Hi,
here is another patch related to using CALL statement inside PL/pgSQL code.
A repeated using of CALL statement is expensive. How much?
I wrote synthetic test:
CREATE TABLE foo(a int, b int, c int);
CREATE OR REPLACE PROCEDURE public.simple_proc3(a integer, b integer, c integer, cnt int, OUT r boolean)
AS $$
BEGIN
INSERT INTO foo VALUES(a, b, c);
IF cnt % 10000 = 0 THEN
COMMIT;
r := true;
ELSE
r := false;
END IF;
END;
$$ LANGUAGE plpgsql;
DO $$
DECLARE a int; b int; c int; r boolean;
BEGIN
TRUNCATE foo;
FOR i IN 1..10000000
LOOP
a := (random() * 100)::int;
b := (random() * 100)::int;
c := (random() * 100)::int;
CALL simple_proc3(a, b, c, i, r);
IF r THEN
RAISE NOTICE 'committed at % row', i;
END IF;
END LOOP;
END;
$$;
I try to insert 10M rows with commit after inserting 10K rows. Execution time on master is ~ 6 minutes 368251,691 ms (06:08,252)
DO $$
DECLARE a int; b int; c int; r boolean;
BEGIN
TRUNCATE foo;
FOR i IN 1..10000000
LOOP
a := (random() * 100)::int;
b := (random() * 100)::int;
c := (random() * 100)::int;
INSERT INTO foo VALUES(a, b, c);
IF i % 10000 = 0 THEN
COMMIT;
r := true;
ELSE
r := false;
END IF;
IF r THEN
RAISE NOTICE 'committed at % row', i;
END IF;
END LOOP;
END;
$$;
When I try to remove CALL statement then same work needs less to 2 minutes 99109,511 ms (01:39,110). So this code is three times slower with calling one procedure. There are two significant parts of overhead:
a) internal implementation of CALL statement that doesn't use plan cache well, and it does lot of expensive operations over pg_proc catalogue,
b) wrapper in PL/pgSQL that repeatedly repearse expression string.
Overhead of PL/pgSQL can be reduced by using plan cache after fixing issue with resource owner. I did it, and I introduced "local_resowner" for holding references of plans for CALL statement expressions.

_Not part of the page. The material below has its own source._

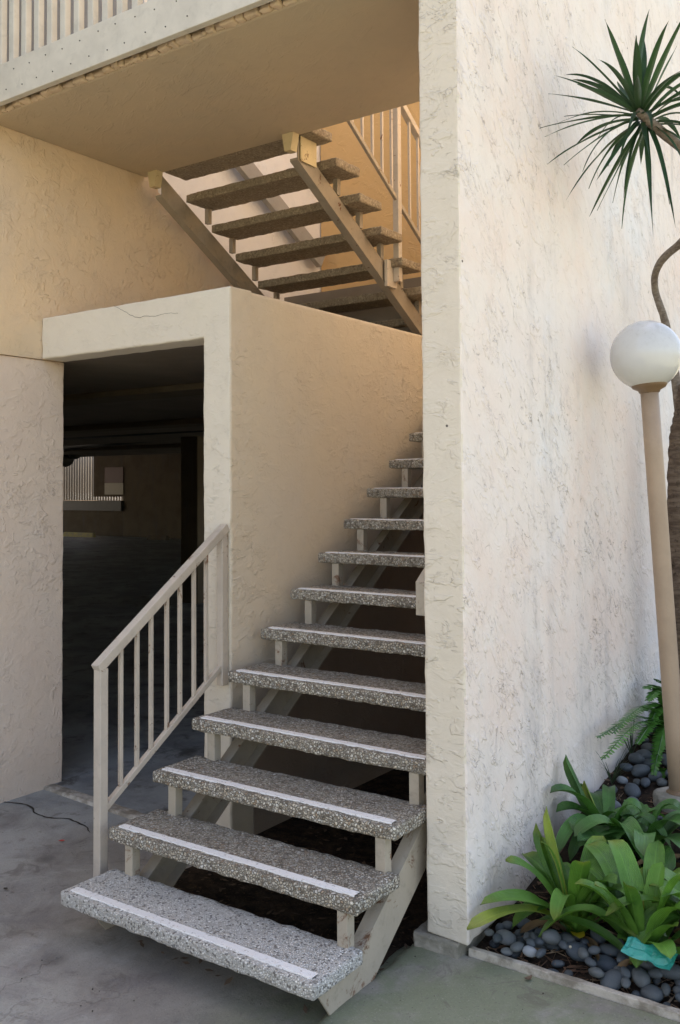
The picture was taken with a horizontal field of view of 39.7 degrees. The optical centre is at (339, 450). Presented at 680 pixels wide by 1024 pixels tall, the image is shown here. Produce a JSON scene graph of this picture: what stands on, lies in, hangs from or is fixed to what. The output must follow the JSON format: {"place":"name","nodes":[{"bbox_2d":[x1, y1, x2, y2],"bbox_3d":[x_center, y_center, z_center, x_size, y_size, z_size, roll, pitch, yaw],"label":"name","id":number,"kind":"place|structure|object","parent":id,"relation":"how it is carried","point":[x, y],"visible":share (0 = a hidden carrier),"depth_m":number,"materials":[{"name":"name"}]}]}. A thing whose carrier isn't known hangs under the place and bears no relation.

After patching the execution time is reduced to 4 minutes Time: 245852,846 ms (04:05,853). Still the overhead is significant, but it is 30% speedup.
The best case for this patch is about 2x times better performance
CREATE OR REPLACE PROCEDURE public.simple_proc2(a integer, b integer, c integer, cnt int, OUT r boolean)
AS $$
BEGIN
END;
$$ LANGUAGE plpgsql;
DO $$
DECLARE a int; r boolean;
BEGIN
FOR i IN 1..10000000
LOOP
CALL simple_proc2((random()*100)::int, (random()*100)::int, (random()*100)::int, i, r);
END LOOP;
END;
$$;
Time: 184667,970 ms (03:04,668), master: Time: 417463,457 ms (06:57,463)
On second hand, the worst case is about 10% (probably this overhead can be reduced by creating "local_resowner" only when it is necessary)
CREATE OR REPLACE FUNCTION simple_fx2(a int)
RETURNS int AS $$
BEGIN
RETURN a + a;
END;
$$ LANGUAGE plpgsql IMMUTABLE STRICT;
DO $$
DECLARE a int;
BEGIN
FOR i IN 1..10000000
LOOP
a := simple_fx2(i);
END LOOP;
END;
$$;
Time: 5434,808 ms (00:05,435) , master: Time: 4632,762 ms (00:04,633)
Comments, notes, ideas?
Regards
Pavel